Il y a bientôt 5 ans, notre diocèse a fêté 100 ans de solidarité, de débrouilles, de désirs, de rêves, d’organisations "pratiques" afin de pouvoir se rendre et, surtout !, de conduire des amis bien portants et moins bien portants dans ce lieu mystérieusement devenu porteur d’espérance : "La Grotte de Lourdes".
Depuis quelques temps, je me dis que le miracle de Lourdes continue, ne fût-ce que par l’organisation pratique des voyages… Tant de "formules" ont été cherchées, trouvées, proposées pour se rendre dans ces Pyrénées lointaines, afin d’y rencontrer Marie, Bernadette… et tant d‘autres croyants qui provoquent en nous l’espérance, la foi, le désir de la tendresse, du pardon, de l’amour.
Depuis quelques années, en voyant l’évolution de notre société, je me dis qu’il était presque plus aisé d’aller à Lourdes en 1903 qu’aujourd’hui ! A cette époque, peut-être, avait-on le temps.. . Peut-être était-ce un projet tellement impensable qu’il devenait un cadeau formidable une fois qu’on le vivait, avec les moyens du bord ! On pouvait vraiment parler de "pèlerinage".
Cette année 2008, nous pourrons encore (et heureusement !) aller à Lourdes, toujours et plus que jamais en pèlerinage. Nous y sommes d’ailleurs toujours invités comme les pèlerins de 1903, 1904… Nous irons là-bas plus vite qu’en ces temps-là, dans un confort plus grand… Nous irons sans doute moins rapidement qu’on nous le laissait imaginer, avec des moyens à nos yeux encore à améliorer et parfois contrariants ou contrariés… Mais l’important n’est-il pas que nous partions à la rencontre de "Quelqu’un" : ce Dieu qui nous appelle à vivre… Nous partirons joyeusement avec d’autres, suite aux invitations lancées par Marie, Notre-Dame de Lourdes, Bernadette, tant d’autres pèlerins qui sont partis avant nous et de proches qui comptent sur nous pour que nous portions, "là-bas", leurs prières, leurs espérances, leurs attentes.

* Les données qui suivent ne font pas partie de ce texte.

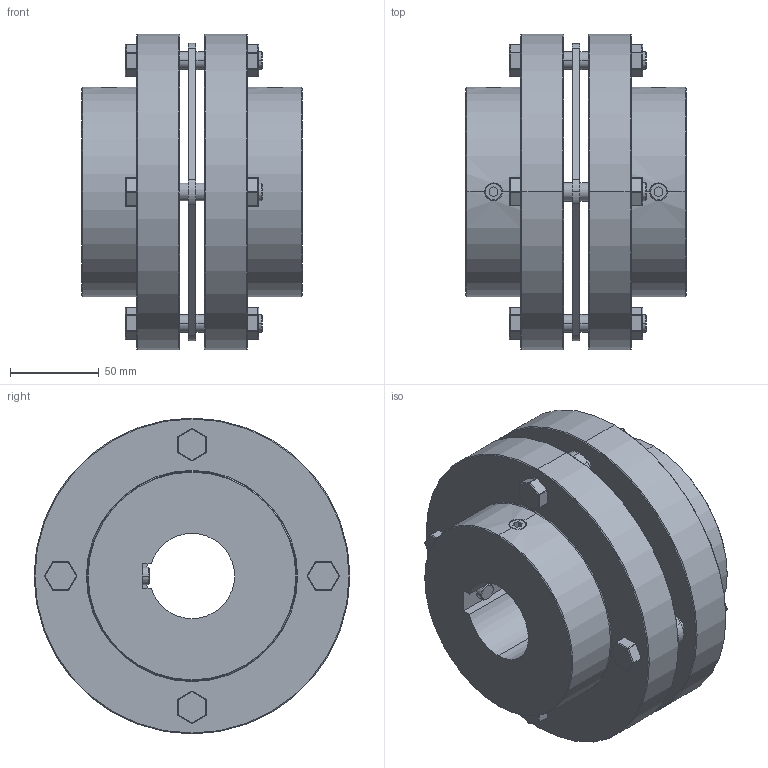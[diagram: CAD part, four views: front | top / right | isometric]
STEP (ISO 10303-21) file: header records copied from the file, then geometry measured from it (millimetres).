
FILE_DESCRIPTION (( 'STEP AP203' ), '1' );
FILE_NAME ('CL11-178k.step', '2011-08-10T07:17:58', ( '' ), ( '' ), 'SwSTEP 2.0', 'SolidWorks 2010', '' );
FILE_SCHEMA (( 'CONFIG_CONTROL_DESIGN' ));
Length unit declared in the file: millimetre
Products named in the file (1): CL11-178k
Bounding box: 124 x 178 x 178 mm (x, y, z)
Volume: 1741547.2 mm3; surface area: 215523.8 mm2
Topology: 11 solids, 11 shells, 391 faces, 897 edges, 526 vertices
Faces by surface type: cylinder 181, plane 122, sphere 48, cone 40
Entity records: 11290 total; most frequent: CARTESIAN_POINT 2223, DIRECTION 2035, ORIENTED_EDGE 1746, EDGE_CURVE 873, AXIS2_PLACEMENT_3D 782, VERTEX_POINT 518, VECTOR 471, LINE 471
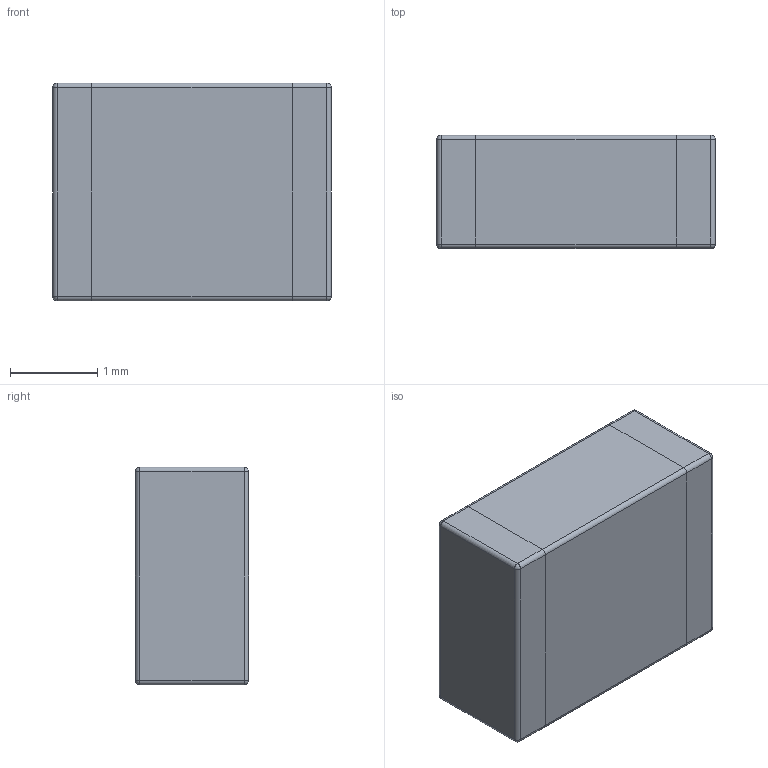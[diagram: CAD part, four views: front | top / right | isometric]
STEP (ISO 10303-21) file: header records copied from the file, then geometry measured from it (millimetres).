
FILE_DESCRIPTION (( 'STEP AP214' ), '1' );
FILE_NAME ('CAPC3225X130N EIA 1210.step', '2011-02-18T12:22:55', ( 'Andre' ), ( 'Microsoft' ), 'SwSTEP 2.0', 'SolidWorks 2009', '' );
FILE_SCHEMA (( 'AUTOMOTIVE_DESIGN' ));
Length unit declared in the file: millimetre
Products named in the file (1): CAPC3225X130N EIA 1210
Bounding box: 3.2 x 1.3 x 2.5 mm (x, y, z)
Volume: 10.4 mm3; surface area: 30.2 mm2
Topology: 1 solids, 1 shells, 42 faces, 88 edges, 40 vertices
Faces by surface type: cylinder 20, plane 14, sphere 8
Entity records: 1501 total; most frequent: DIRECTION 198, CARTESIAN_POINT 163, ORIENTED_EDGE 160, EDGE_CURVE 80, AXIS2_PLACEMENT_3D 75, VECTOR 48, LINE 48, UNCERTAINTY_MEASURE_WITH_UNIT 44
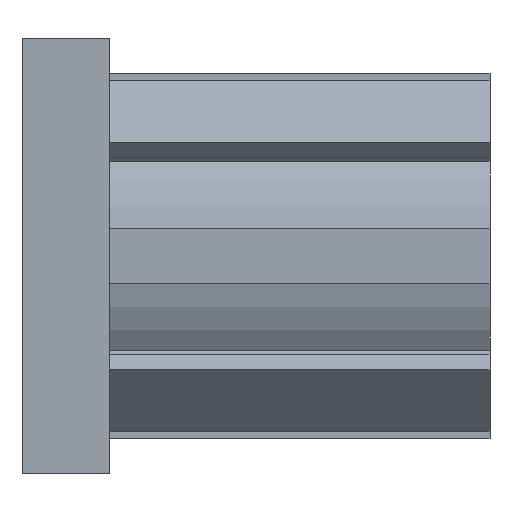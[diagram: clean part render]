
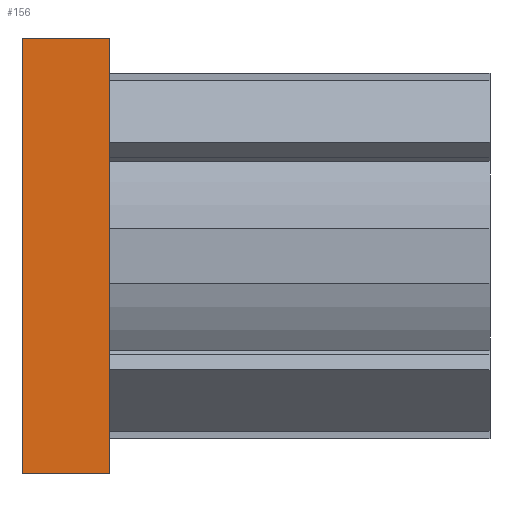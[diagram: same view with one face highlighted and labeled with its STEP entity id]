
A CAD part, left-side view. The second image highlights one B-rep face of the part: STEP entity #156.
In plain terms, the highlighted planar face has unit normal (-1, 0, 0).
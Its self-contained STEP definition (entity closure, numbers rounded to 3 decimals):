
#13 = VERTEX_POINT ( 'NONE', #805 ) ;
#25 = DIRECTION ( 'NONE',  ( 0., 0., 1. ) ) ;
#38 = ORIENTED_EDGE ( 'NONE', *, *, #864, .F. ) ;
#92 = PLANE ( 'NONE',  #1757 ) ;
#156 = ADVANCED_FACE ( 'NONE', ( #422 ), #92, .F. ) ;
#163 = CARTESIAN_POINT ( 'NONE',  ( -20., 0., 20. ) ) ;
#171 = VECTOR ( 'NONE', #25, 1000. ) ;
#264 = CARTESIAN_POINT ( 'NONE',  ( -20., 8., -20. ) ) ;
#268 = EDGE_LOOP ( 'NONE', ( #1582, #38, #1602, #846 ) ) ;
#271 = LINE ( 'NONE', #1466, #1498 ) ;
#422 = FACE_OUTER_BOUND ( 'NONE', #268, .T. ) ;
#517 = LINE ( 'NONE', #1861, #1610 ) ;
#545 = EDGE_CURVE ( 'NONE', #880, #13, #271, .T. ) ;
#681 = DIRECTION ( 'NONE',  ( 0., -1., 0. ) ) ;
#702 = DIRECTION ( 'NONE',  ( 0., -1., 0. ) ) ;
#722 = CARTESIAN_POINT ( 'NONE',  ( -20., 8., -20. ) ) ;
#740 = CARTESIAN_POINT ( 'NONE',  ( -20., 8., -20. ) ) ;
#787 = EDGE_CURVE ( 'NONE', #13, #1475, #517, .T. ) ;
#805 = CARTESIAN_POINT ( 'NONE',  ( -20., 0., -20. ) ) ;
#846 = ORIENTED_EDGE ( 'NONE', *, *, #545, .T. ) ;
#864 = EDGE_CURVE ( 'NONE', #1041, #1475, #873, .T. ) ;
#873 = LINE ( 'NONE', #1913, #1787 ) ;
#880 = VERTEX_POINT ( 'NONE', #722 ) ;
#921 = LINE ( 'NONE', #740, #171 ) ;
#998 = EDGE_CURVE ( 'NONE', #880, #1041, #921, .T. ) ;
#1041 = VERTEX_POINT ( 'NONE', #1565 ) ;
#1096 = DIRECTION ( 'NONE',  ( 0., 0., 1. ) ) ;
#1151 = DIRECTION ( 'NONE',  ( 1., 0., 0. ) ) ;
#1466 = CARTESIAN_POINT ( 'NONE',  ( -20., 8., -20. ) ) ;
#1475 = VERTEX_POINT ( 'NONE', #163 ) ;
#1498 = VECTOR ( 'NONE', #681, 1000. ) ;
#1565 = CARTESIAN_POINT ( 'NONE',  ( -20., 8., 20. ) ) ;
#1582 = ORIENTED_EDGE ( 'NONE', *, *, #787, .T. ) ;
#1602 = ORIENTED_EDGE ( 'NONE', *, *, #998, .F. ) ;
#1610 = VECTOR ( 'NONE', #1096, 1000. ) ;
#1749 = DIRECTION ( 'NONE',  ( 0., 0., -1. ) ) ;
#1757 = AXIS2_PLACEMENT_3D ( 'NONE', #264, #1151, #1749 ) ;
#1787 = VECTOR ( 'NONE', #702, 1000. ) ;
#1861 = CARTESIAN_POINT ( 'NONE',  ( -20., 0., -20. ) ) ;
#1913 = CARTESIAN_POINT ( 'NONE',  ( -20., 8., 20. ) ) ;
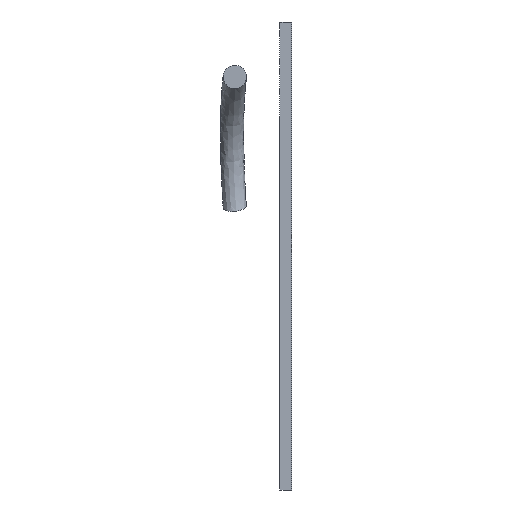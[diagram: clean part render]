
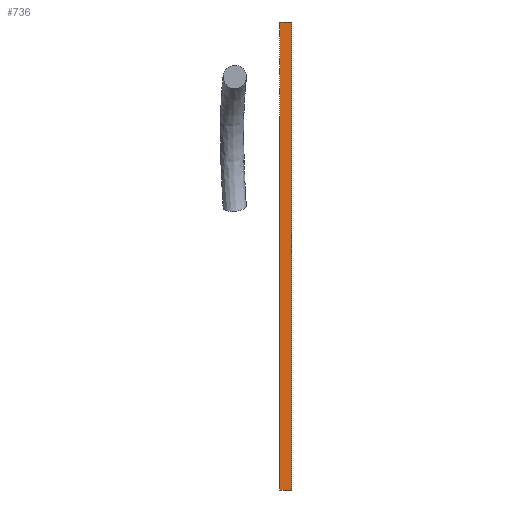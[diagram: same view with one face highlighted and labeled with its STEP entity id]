
A CAD part, left-side view. The second image highlights one B-rep face of the part: STEP entity #736.
In plain terms, the highlighted planar face has unit normal (-1, 0, 0).
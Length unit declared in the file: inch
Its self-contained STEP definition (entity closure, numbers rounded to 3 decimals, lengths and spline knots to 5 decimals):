
#29=LINE('',#1277,#41);
#30=LINE('',#1279,#42);
#31=LINE('',#1281,#43);
#32=LINE('',#1282,#44);
#41=VECTOR('',#1086,0.3937);
#42=VECTOR('',#1087,0.3937);
#43=VECTOR('',#1088,0.3937);
#44=VECTOR('',#1089,0.3937);
#53=PLANE('',#887);
#181=FACE_OUTER_BOUND('',#250,.T.);
#250=EDGE_LOOP('',(#586,#587,#588,#589));
#441=VERTEX_POINT('',#1275);
#442=VERTEX_POINT('',#1276);
#443=VERTEX_POINT('',#1278);
#444=VERTEX_POINT('',#1280);
#511=EDGE_CURVE('',#441,#442,#29,.T.);
#512=EDGE_CURVE('',#441,#443,#30,.T.);
#513=EDGE_CURVE('',#444,#443,#31,.T.);
#514=EDGE_CURVE('',#442,#444,#32,.T.);
#586=ORIENTED_EDGE('',*,*,#511,.F.);
#587=ORIENTED_EDGE('',*,*,#512,.T.);
#588=ORIENTED_EDGE('',*,*,#513,.F.);
#589=ORIENTED_EDGE('',*,*,#514,.F.);
#736=ADVANCED_FACE('',(#181),#53,.T.);
#887=AXIS2_PLACEMENT_3D('',#1274,#1084,#1085);
#1084=DIRECTION('center_axis',(-1.,0.,0.));
#1085=DIRECTION('ref_axis',(0.,0.,1.));
#1086=DIRECTION('',(0.,0.,-1.));
#1087=DIRECTION('',(0.,1.,0.));
#1088=DIRECTION('',(0.,0.,1.));
#1089=DIRECTION('',(0.,1.,0.));
#1274=CARTESIAN_POINT('Origin',(-5.,0.,-5.));
#1275=CARTESIAN_POINT('',(-5.,0.,5.));
#1276=CARTESIAN_POINT('',(-5.,0.,-5.));
#1277=CARTESIAN_POINT('',(-5.,0.,5.));
#1278=CARTESIAN_POINT('',(-5.,0.25,5.));
#1279=CARTESIAN_POINT('',(-5.,0.,5.));
#1280=CARTESIAN_POINT('',(-5.,0.25,-5.));
#1281=CARTESIAN_POINT('',(-5.,0.25,5.));
#1282=CARTESIAN_POINT('',(-5.,0.,-5.));
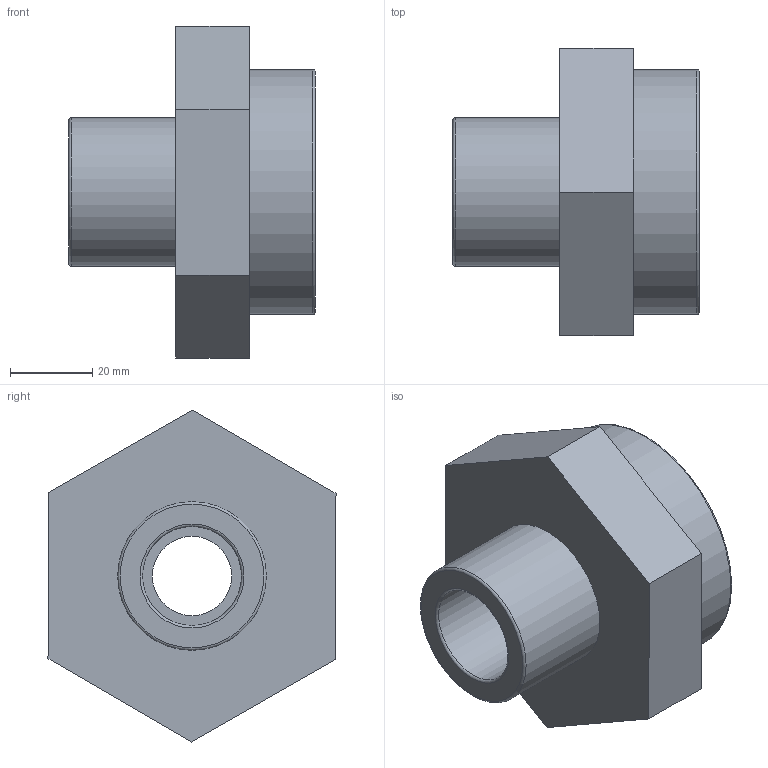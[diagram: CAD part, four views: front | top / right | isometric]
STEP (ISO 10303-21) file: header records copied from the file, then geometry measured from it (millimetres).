
FILE_DESCRIPTION(/* description */ ('PLASSON THREADED REDUCER PVC 2"- 3/4"F'),/* implementation_level */ '2;1');
FILE_NAME(/* name */ '050201020007.ipt.stp',/* time_stamp */ '2017-12-07T15:53:22+02:00',/* author */ ('KIM'),/* organization */ (''),/* preprocessor_version */ 'ST-DEVELOPER v15.6',/* originating_system */ 'Autodesk Inventor 2015',/* authorisation */ '');
FILE_SCHEMA (('AUTOMOTIVE_DESIGN { 1 0 10303 214 3 1 1 }'));
Length unit declared in the file: millimetre
Products named in the file (1): 050201020007
Bounding box: 60 x 70.12 x 80.83 mm (x, y, z)
Volume: 102004.3 mm3; surface area: 23541.9 mm2
Topology: 1 solids, 1 shells, 21 faces, 41 edges, 26 vertices
Faces by surface type: plane 12, cylinder 5, torus 4
Full cylindrical faces by diameter (mm): 19.294 x1, 24.117 x1, 36.175 x1, 47.691 x1, 59.614 x1
Entity records: 520 total; most frequent: DIRECTION 90, CARTESIAN_POINT 80, ORIENTED_EDGE 64, EDGE_LOOP 36, AXIS2_PLACEMENT_3D 36, EDGE_CURVE 32, VERTEX_POINT 26, FACE_OUTER_BOUND 21

A la fin de cette année 2007 , où chez nous peut-être, mais partout dans le monde, se présentent tant de questionnements et de rêves, je me dis que c’est un cadeau, un miracle, une chance… d’être encore invités à aller à Lourdes pour y rencontrer l’Immaculée Conception, la Mère de Jésus, notre maman du ciel.
Je me dis aussi que c’est une chance que, d’une manière ou d’une autre, nous soyons personnellement invités à nous aventurer sur des chemins de sens, à découvrir des lieux où Dieu lui-même nous parle, à partir de nos vies d’hommes, la nôtre mais aussi celles de témoins connus ou moins, des témoins à découvrir, près de chez nous, loin de chez nous.
La télévision et d’autres moyens nous permettent de découvrir tant de choses ! Mais partir personnellement en pèlerinage et avec d’autres, partir à l’aventure et à la découverte de chemin suivis et créés par d’autres témoins de Dieu à travers "notre’ histoire d’hommes, n’est-ce pas merveilleux ?
Connaître, rencontrer, accompagner… des hommes et des femmes comme nous, n’est-ce pas déjà une joie ? Avec eux, partir en pèlerinage et découvrir en divers lieux Dieu et ses témoins qui nous parlent et nous aident à avancer dans la vie, n’est-ce pas une chance ? Pouvoir prier, se laisser porter dans la prière, la nôtre, celle des autres, celle de l’Eglise… n’est-ce pas un cadeau, une grâce ?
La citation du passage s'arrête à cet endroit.